ASSIGNMENT >> The answer must be an exact printing of every record below, with the pictures omitted.

Records from a data source

────────────────────────────────────────

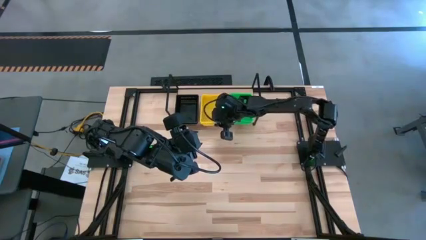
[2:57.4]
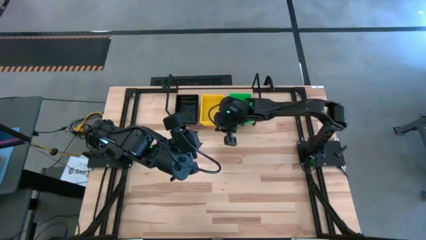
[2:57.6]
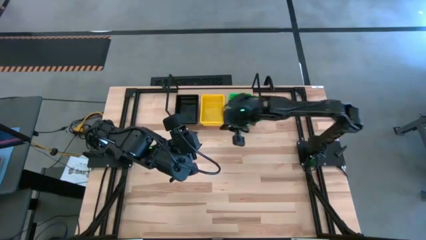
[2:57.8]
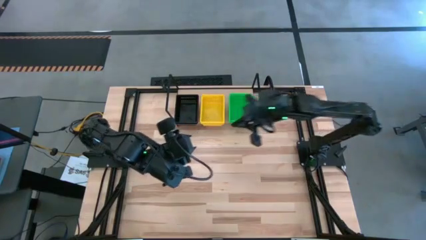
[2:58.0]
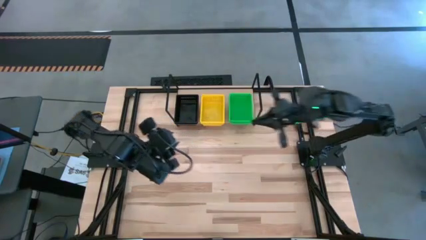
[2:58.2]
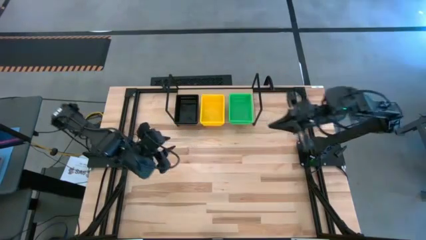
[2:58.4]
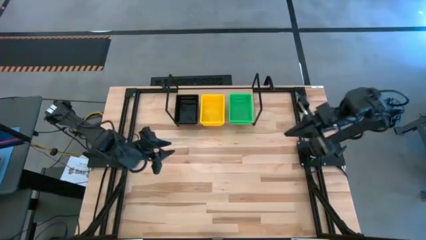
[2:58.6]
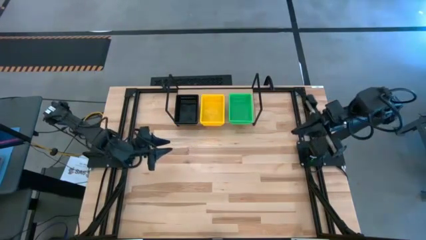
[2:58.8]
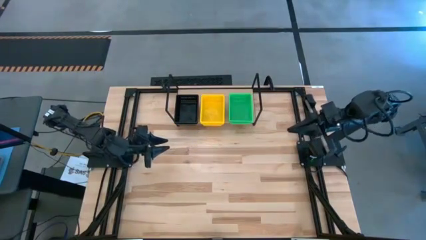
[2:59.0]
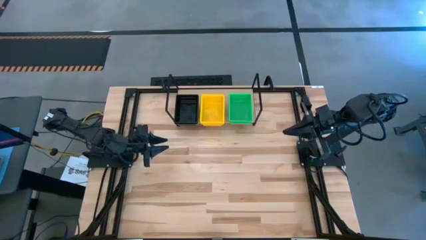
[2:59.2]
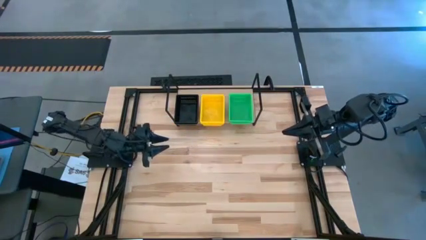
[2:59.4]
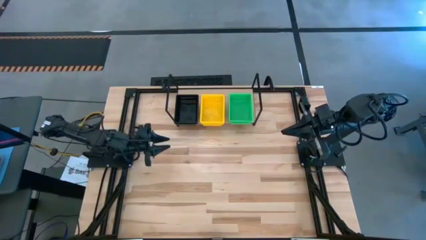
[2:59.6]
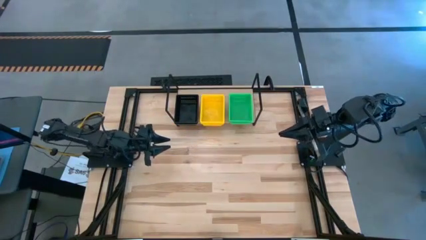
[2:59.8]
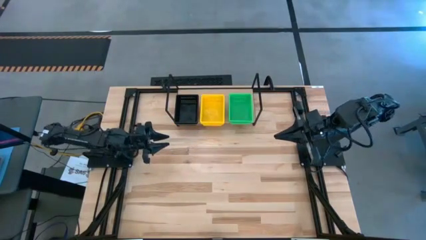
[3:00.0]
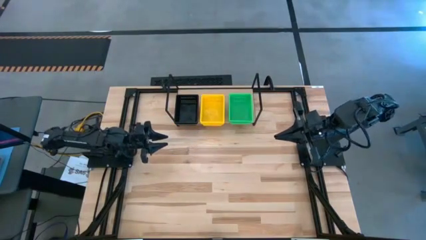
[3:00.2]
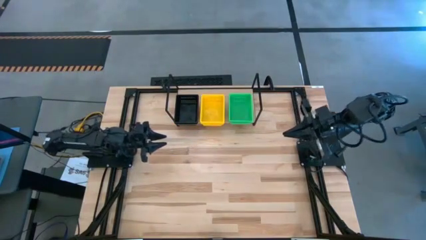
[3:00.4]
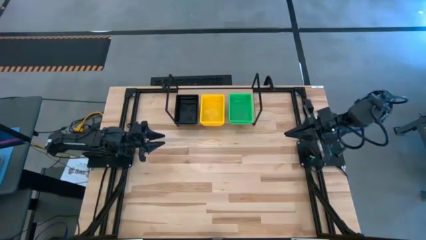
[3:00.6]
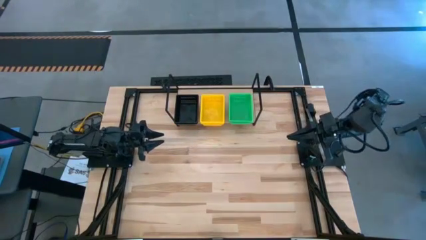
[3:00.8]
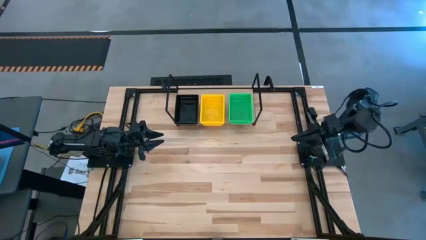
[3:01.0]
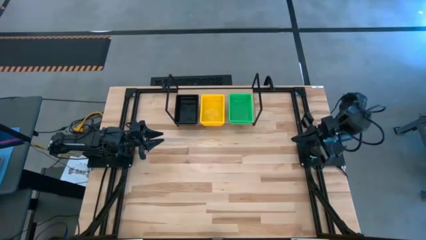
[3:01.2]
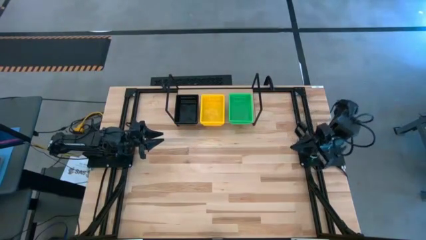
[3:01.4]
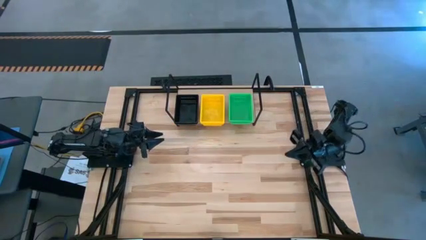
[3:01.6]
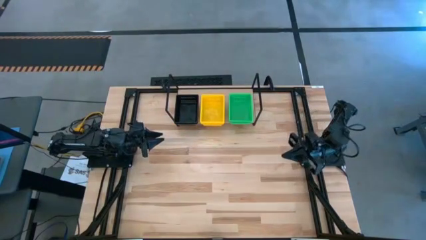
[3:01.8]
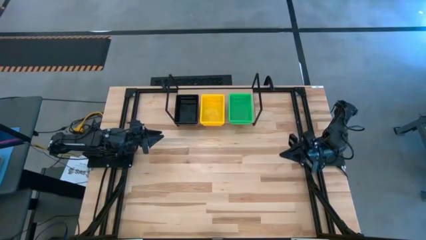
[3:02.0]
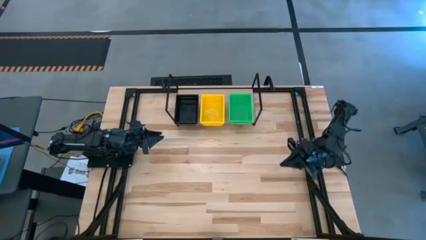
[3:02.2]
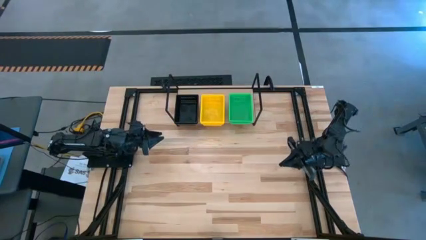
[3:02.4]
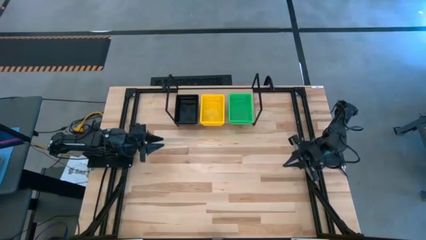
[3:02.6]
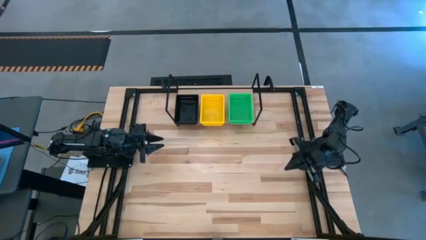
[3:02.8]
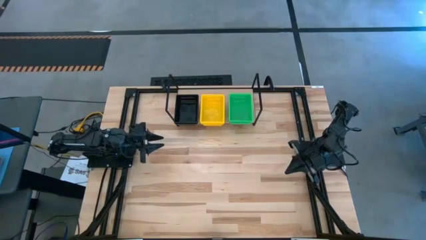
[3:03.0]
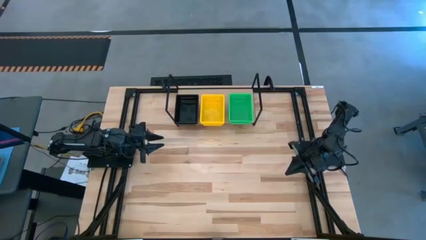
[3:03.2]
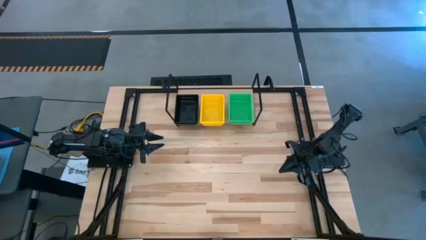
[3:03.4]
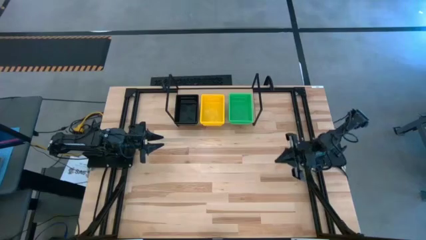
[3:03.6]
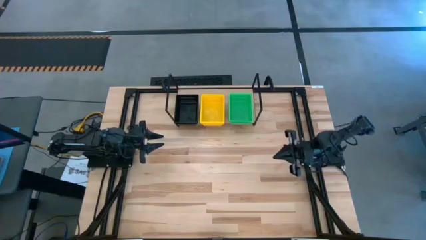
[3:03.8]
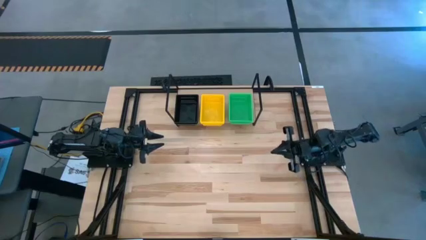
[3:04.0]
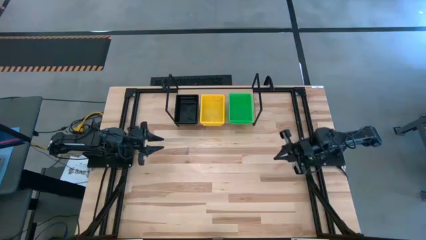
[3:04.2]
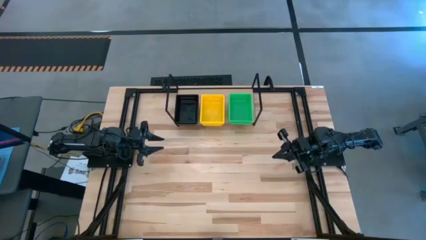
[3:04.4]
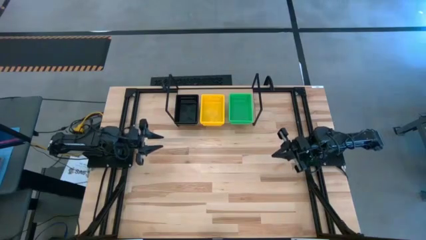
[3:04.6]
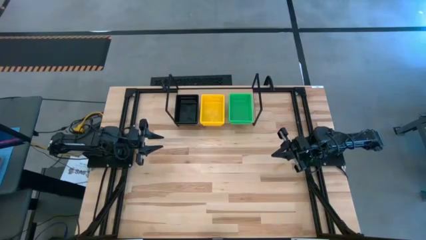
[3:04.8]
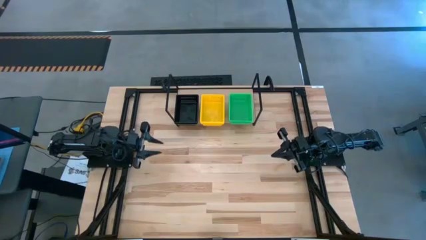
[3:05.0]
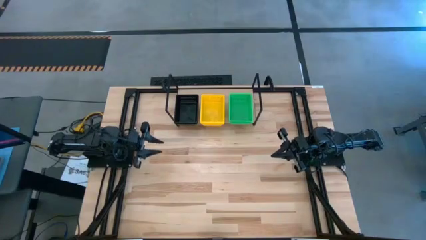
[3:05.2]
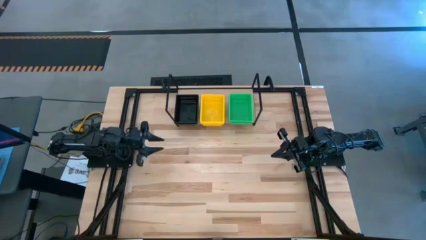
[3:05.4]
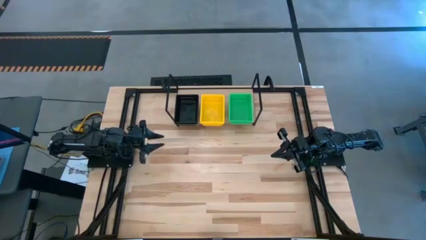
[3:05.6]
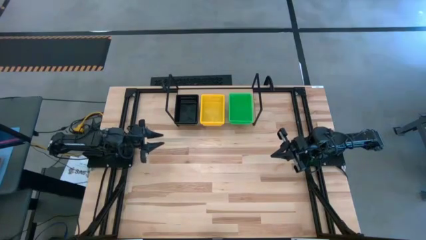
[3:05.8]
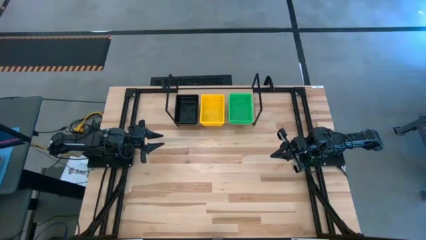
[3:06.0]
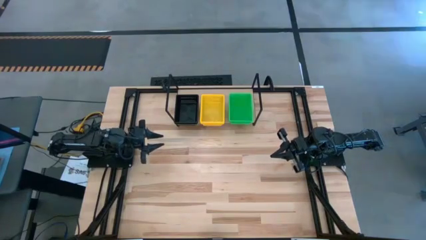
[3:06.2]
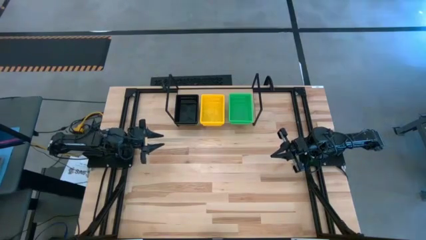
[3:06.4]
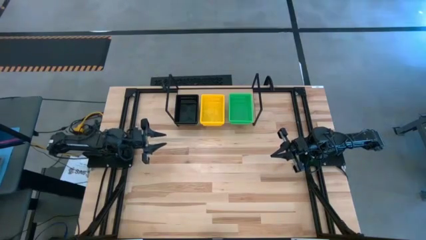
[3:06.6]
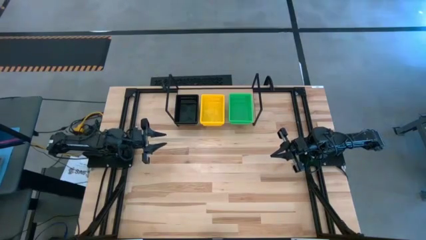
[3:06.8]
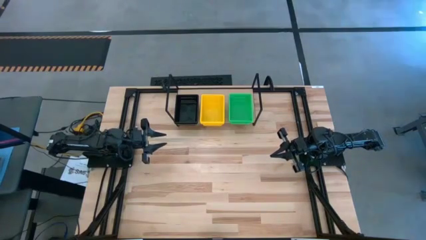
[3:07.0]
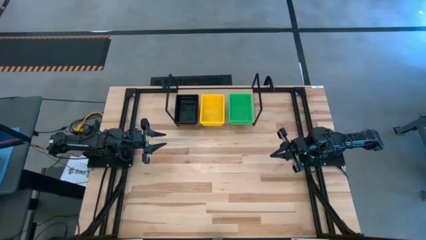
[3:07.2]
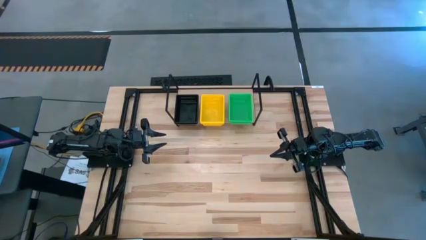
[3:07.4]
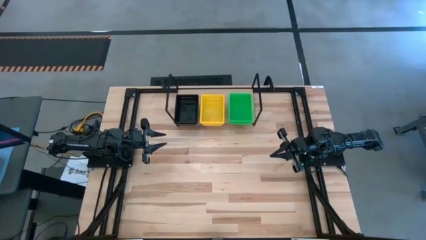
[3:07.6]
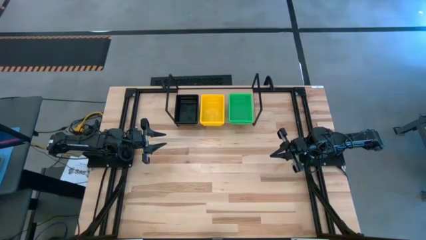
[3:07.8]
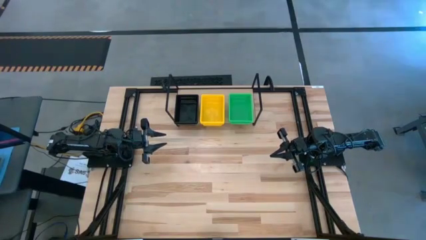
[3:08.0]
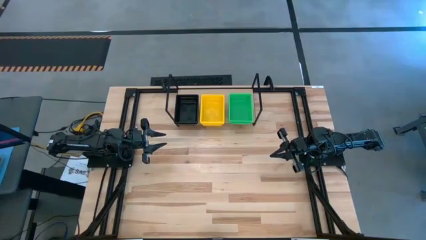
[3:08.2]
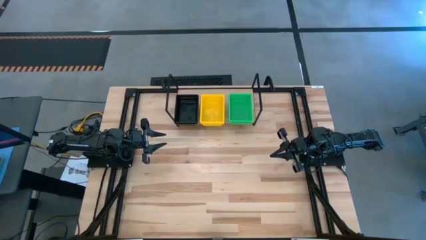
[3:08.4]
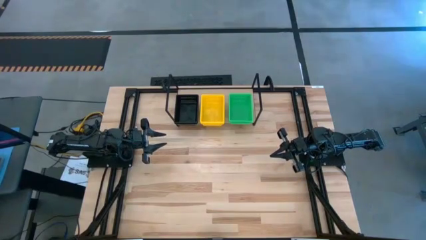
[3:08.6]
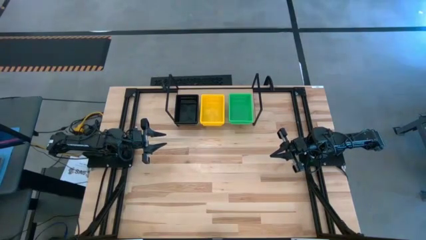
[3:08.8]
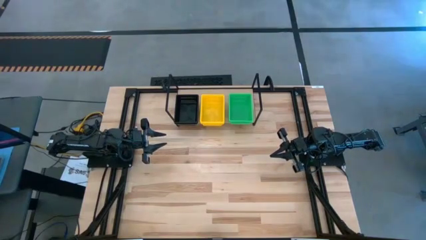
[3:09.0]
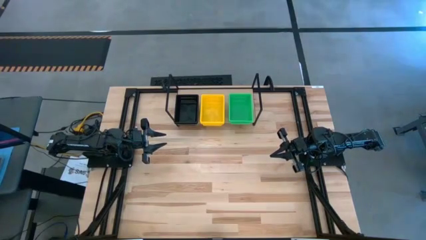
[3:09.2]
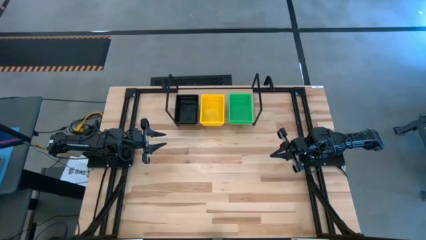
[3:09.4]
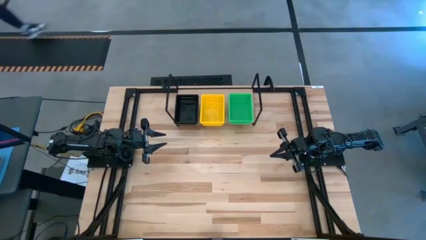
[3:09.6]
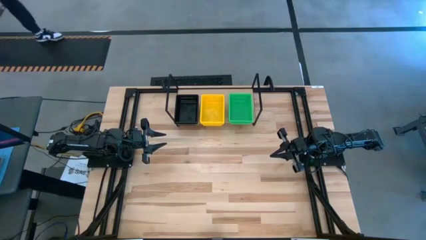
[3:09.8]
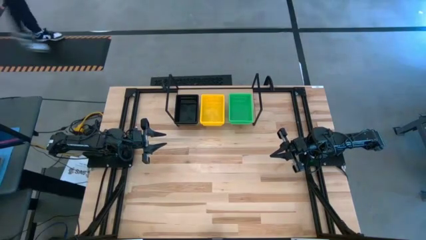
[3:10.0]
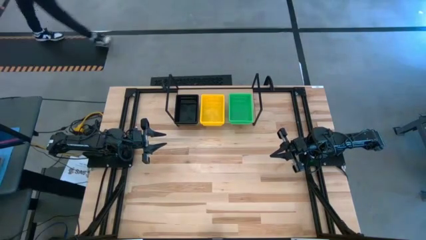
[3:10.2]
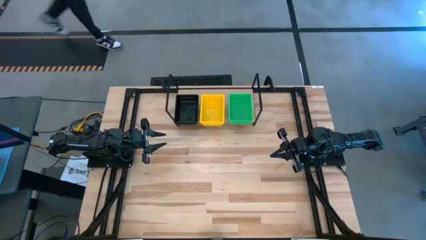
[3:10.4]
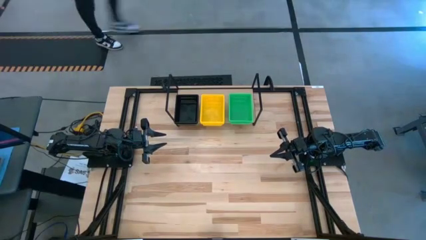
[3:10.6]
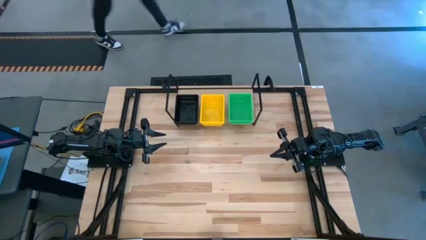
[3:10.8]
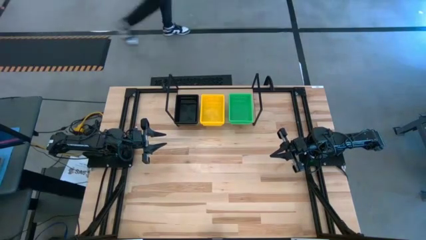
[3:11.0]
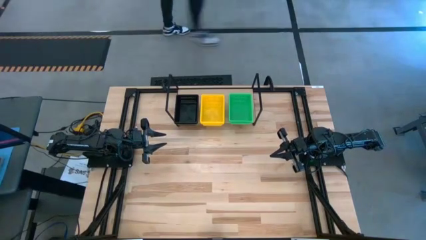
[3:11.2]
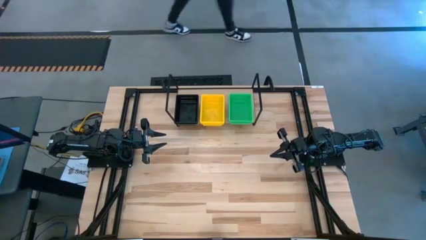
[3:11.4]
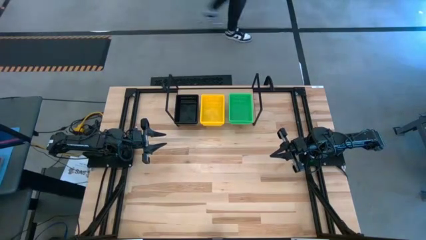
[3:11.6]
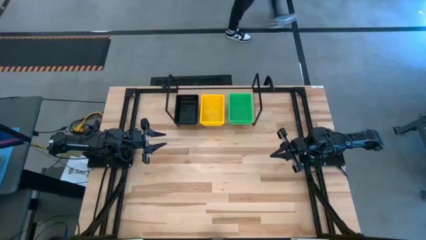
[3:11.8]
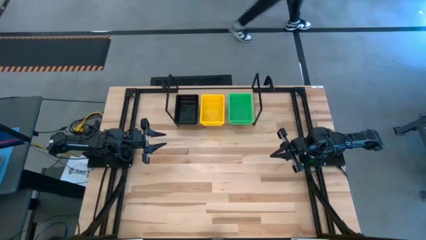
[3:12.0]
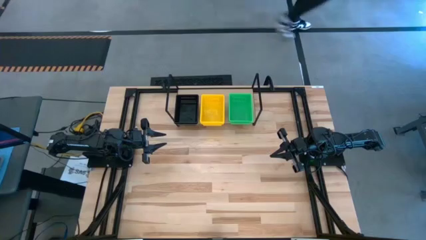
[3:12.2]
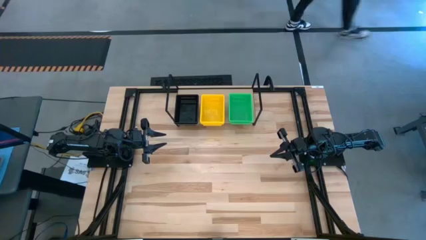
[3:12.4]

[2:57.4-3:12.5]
Task: Stack baskets on shelf by color
Return to Home Position

────────────────────────────────────────

EXERCISE SOLUTION >>
[2:57.4]
[2:57.6]
[2:57.8]
[2:58.0]
[2:58.2]
[2:58.4]
[2:58.6]
[2:58.8]
[2:59.0]
[2:59.2]
[2:59.4]
[2:59.6]
[2:59.8]
[3:00.0]
[3:00.2]
[3:00.4]
[3:00.6]
[3:00.8]
[3:01.0]
[3:01.2]
[3:01.4]
[3:01.6]
[3:01.8]
[3:02.0]
[3:02.2]
[3:02.4]
[3:02.6]
[3:02.8]
[3:03.0]
[3:03.2]
[3:03.4]
[3:03.6]
[3:03.8]
[3:04.0]
[3:04.2]
[3:04.4]
[3:04.6]
[3:04.8]
[3:05.0]
[3:05.2]
[3:05.4]
[3:05.6]
[3:05.8]
[3:06.0]
[3:06.2]
[3:06.4]
[3:06.6]
[3:06.8]
[3:07.0]
[3:07.2]
[3:07.4]
[3:07.6]
[3:07.8]
[3:08.0]
[3:08.2]
[3:08.4]
[3:08.6]
[3:08.8]
[3:09.0]
[3:09.2]
[3:09.4]
[3:09.6]
[3:09.8]
[3:10.0]
[3:10.2]
[3:10.4]
[3:10.6]
[3:10.8]
[3:11.0]
[3:11.2]
[3:11.4]
[3:11.6]
[3:11.8]
[3:12.0]
[3:12.2]
[3:12.4]

[2:57.4-3:12.5]
Task: Stack baskets on shelf by color
Return to Home Position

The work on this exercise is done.